Далее он переоформил детскую в светло-розовый цвет. С розовыми ленточками, рюшами, одеяльцами. Я счел это милым, однако он по-прежнему был недоволен.
– Слишком навязчиво, да? В том смысле, а вдруг она решит стать пацанкой?
– Не думаю, что розовая комната – пока она даже ползать не научилась – хоть чем-нибудь ей навредит.
Он упрямо качнул головой.
– Нет, Джонни. Так плохо. Я не собираюсь запрещать ей бейсбол и заставлять играть исключительно в куклы. – На следующий день все розовое отправилось назад в магазин, и он начал с начала. Я старался ему не мешать, если только он сам не обращался за помощью.

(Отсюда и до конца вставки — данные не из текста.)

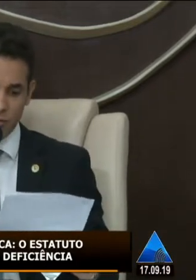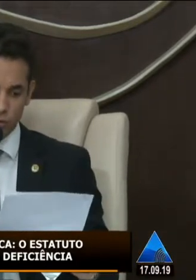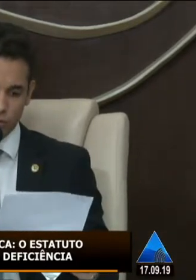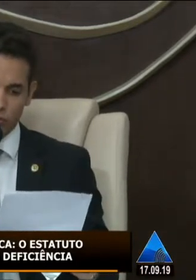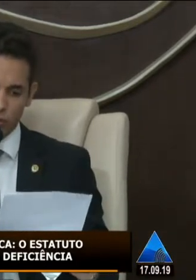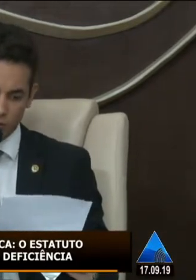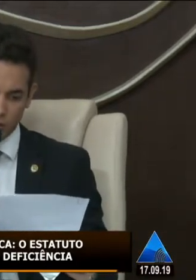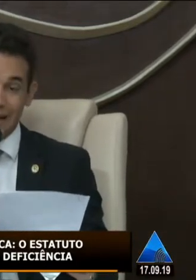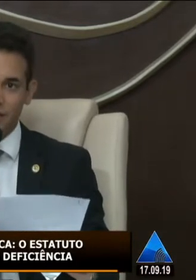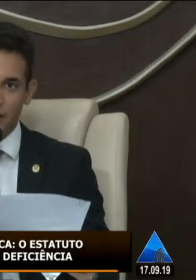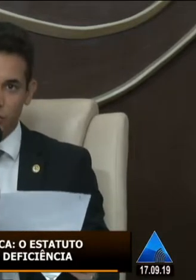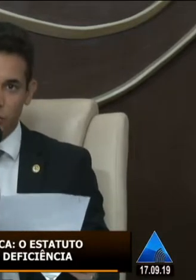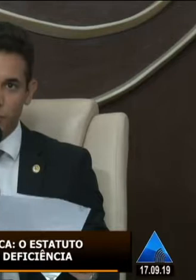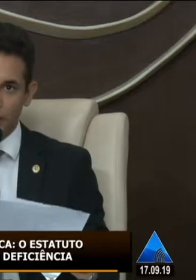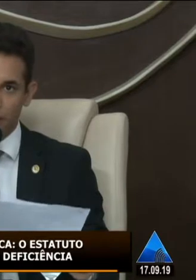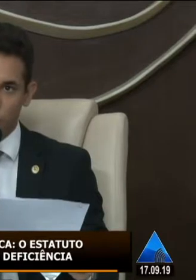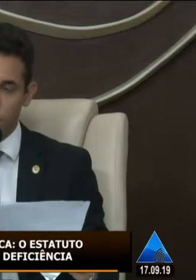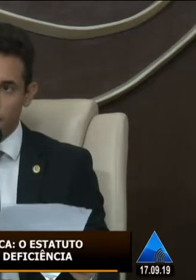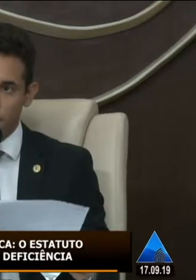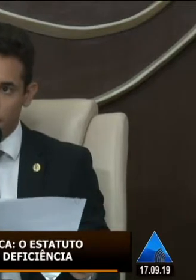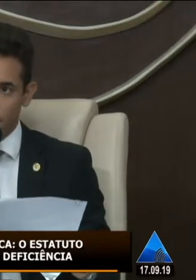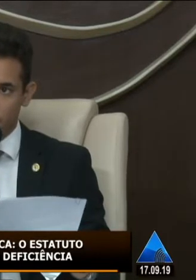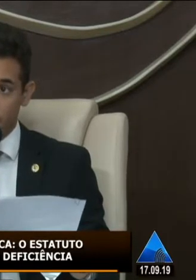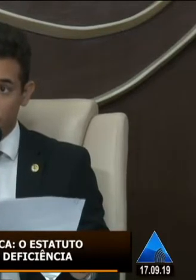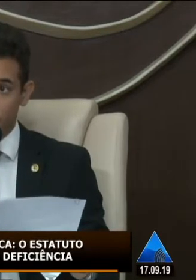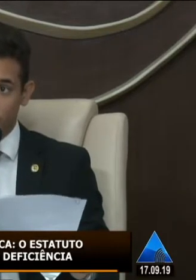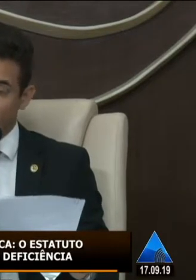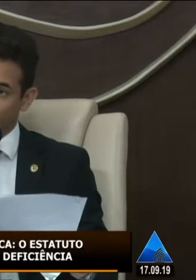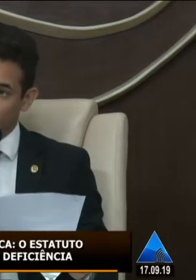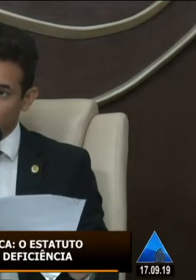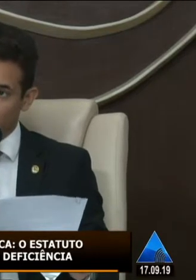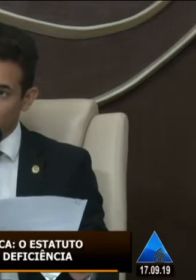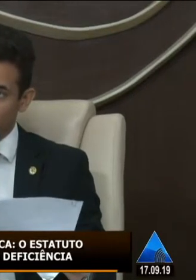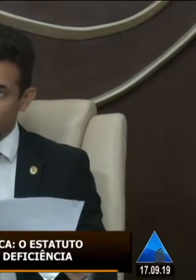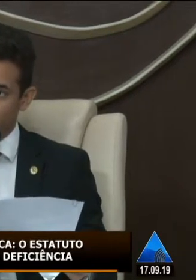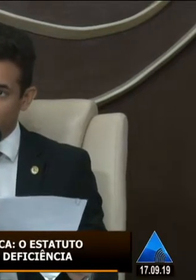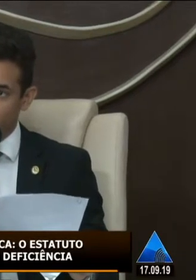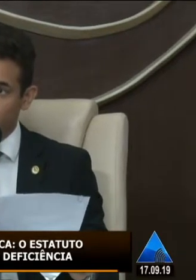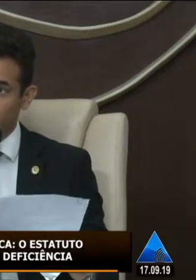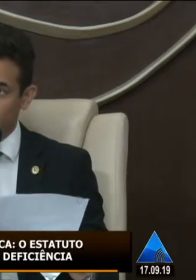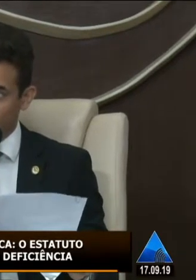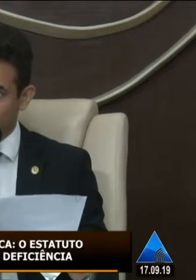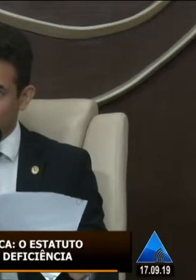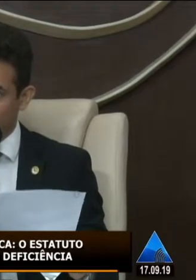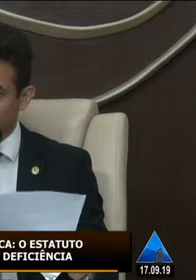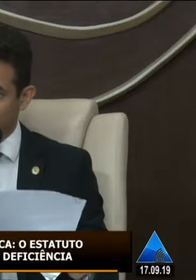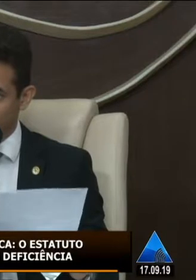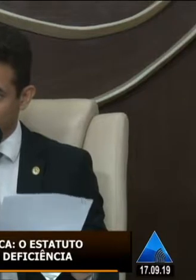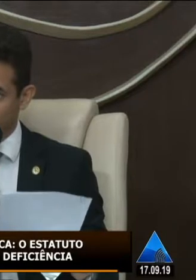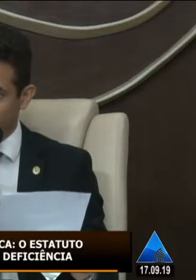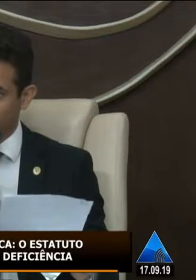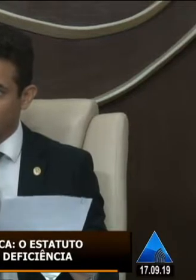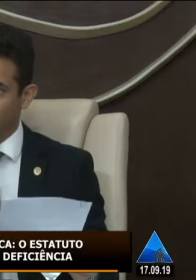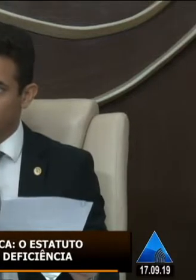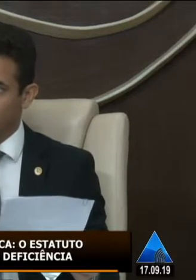de três minutos até três minutos para cada um será difícil atender a todos aqui pela demanda o que é que eu oriento nesses casos aqui

Как-то вечером, вернувшись с пробежки, я застал в нашей гостиной Тейлор. Отец с Коулом сидели, склонившись над ней, и держали ладони на ее животе. На ее месте я бы попросил их держать руки при себе, но Тейлор, похоже, не возражала. Все трое источали улыбки.
– Джон, подойди, – сказал мой отец. – Эта малышка настоящая егоза.
– Не хочу теснить Тейлор.
– Вы шутите? – рассмеялась она. – Взгляните на меня! Я большая, как дом. Рядом со мной хватит места еще на несколько человек.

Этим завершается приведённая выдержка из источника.